How the ADA changed my life: America came together and spoke with one voice

Katy Neas (right) with Claudia Gordon, the first deaf African-American female attorney in the U.S.

Katy Neas (right) with Claudia Gordon, the first deaf African-American female attorney in the U.S.

Having never been one of those people who knew exactly what they wanted to do when they grew up, I sometimes have to pinch myself at how lucky I have been to have had the enactment of the Americans with Disabilities Act as the beginning of a very rewarding career.

It all started in 1984 with my summer internship on Capitol Hill with an ambitious Congressman from Iowa’s 5th district: Tom Harkin. Fast forward to 1987, when now Senator Harkin became the head of the Senate Subcommittee on the Handicapped (we later changed the name to the Subcommittee on Disability Policy).

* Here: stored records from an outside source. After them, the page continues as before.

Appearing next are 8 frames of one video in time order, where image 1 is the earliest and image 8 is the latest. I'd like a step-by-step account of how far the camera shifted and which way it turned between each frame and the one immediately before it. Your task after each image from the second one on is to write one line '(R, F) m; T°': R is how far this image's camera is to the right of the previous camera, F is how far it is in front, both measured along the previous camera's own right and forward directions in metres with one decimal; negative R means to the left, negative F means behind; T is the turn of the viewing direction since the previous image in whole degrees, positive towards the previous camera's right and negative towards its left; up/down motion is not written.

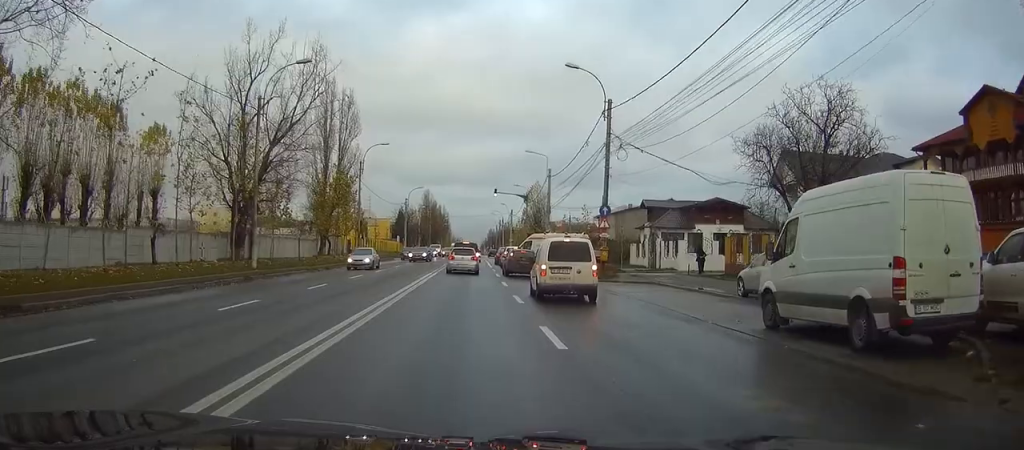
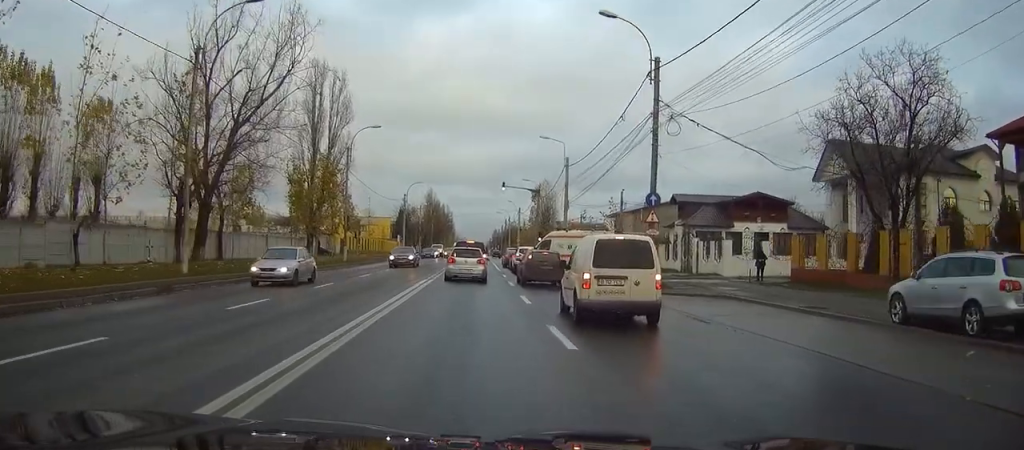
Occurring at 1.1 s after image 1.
(-0.1, +9.3) m; -1°
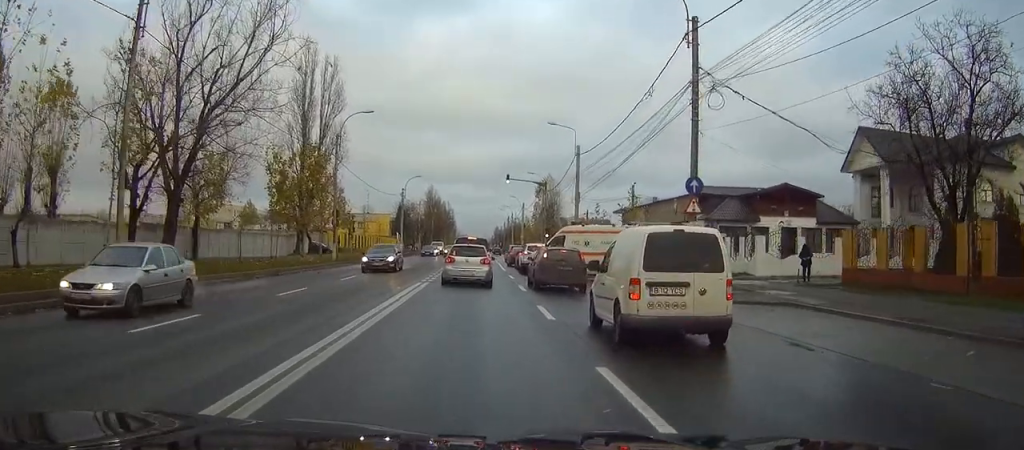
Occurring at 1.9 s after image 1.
(0.0, +5.6) m; -1°
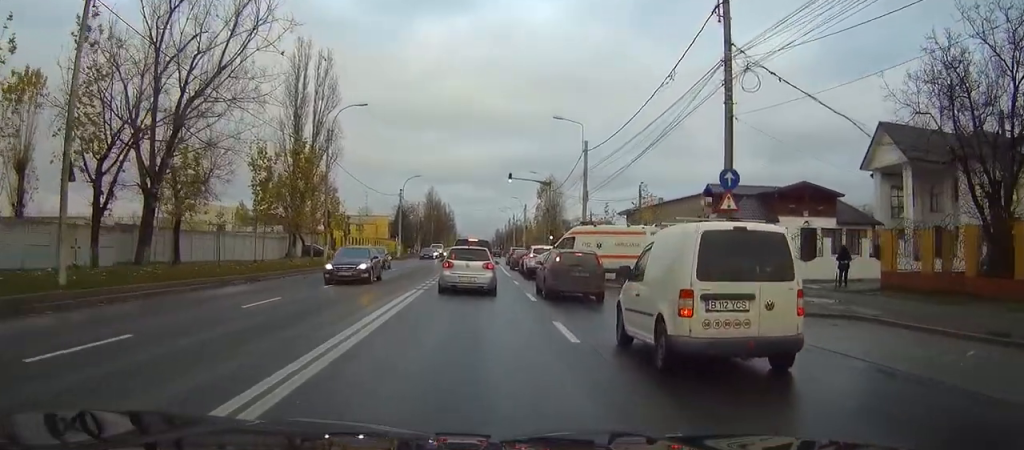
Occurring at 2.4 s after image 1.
(0.0, +3.5) m; -1°
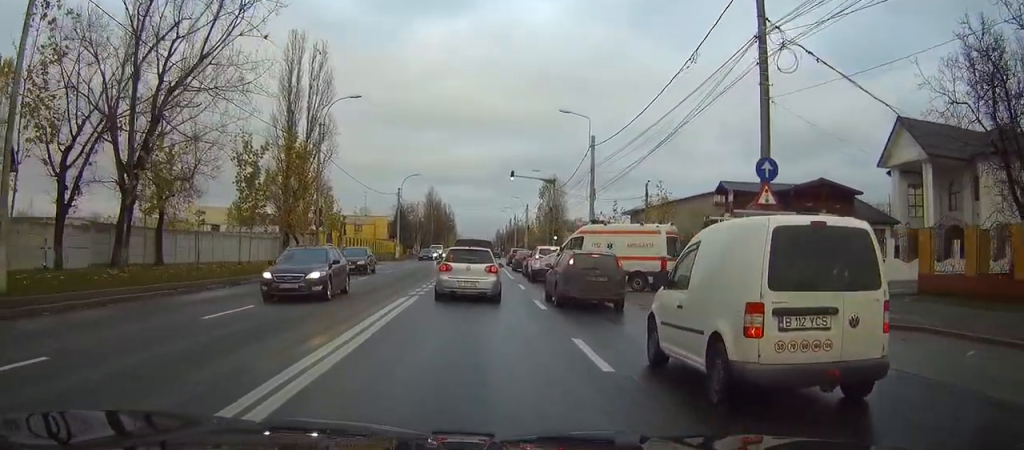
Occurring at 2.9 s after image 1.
(0.0, +3.2) m; -1°
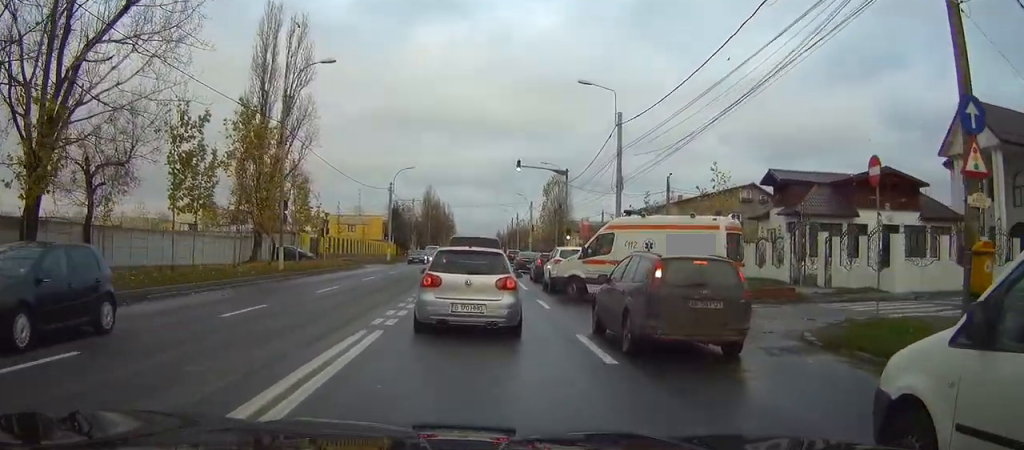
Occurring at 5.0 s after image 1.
(+0.3, +9.7) m; +5°
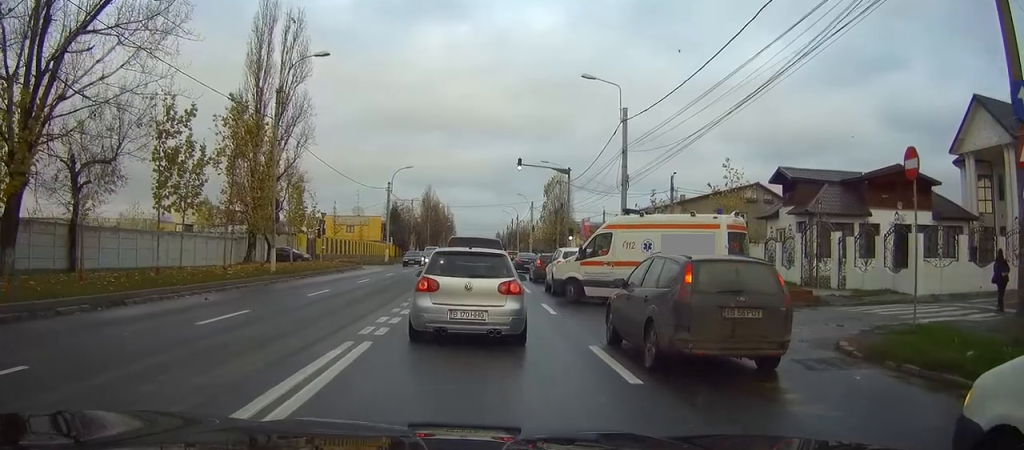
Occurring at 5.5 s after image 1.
(0.0, +1.5) m; +1°
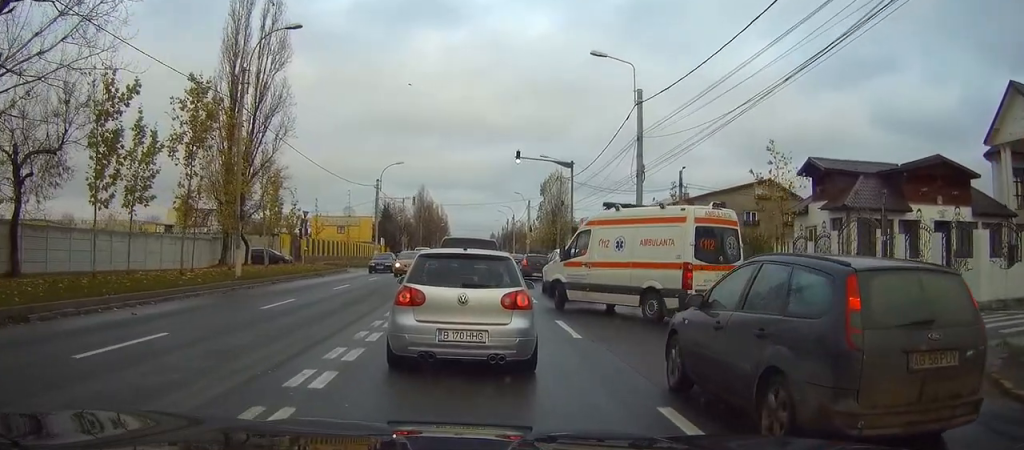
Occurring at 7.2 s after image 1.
(-0.1, +4.8) m; -5°

Senator Harkin and Senator Lowell Weicker of Connecticut introduced the first version of the Americans with Disabilities Act (ADA) that year. Over the course of the next 3 years, I met and worked side-by-side with disability advocates inside the beltway and across the country. Our common purpose was to get the American public and the Congress to understand that discrimination on the basis of disability took many forms — myth, stereotype, fear — and that this discrimination was counter to our values as Americans and must be rendered illegal.

The Subcommittee conducted many hearings on the ADA. People with disabilities told their own stories about what they wanted out of life, why barriers must be removed and why we, as a country, could do better.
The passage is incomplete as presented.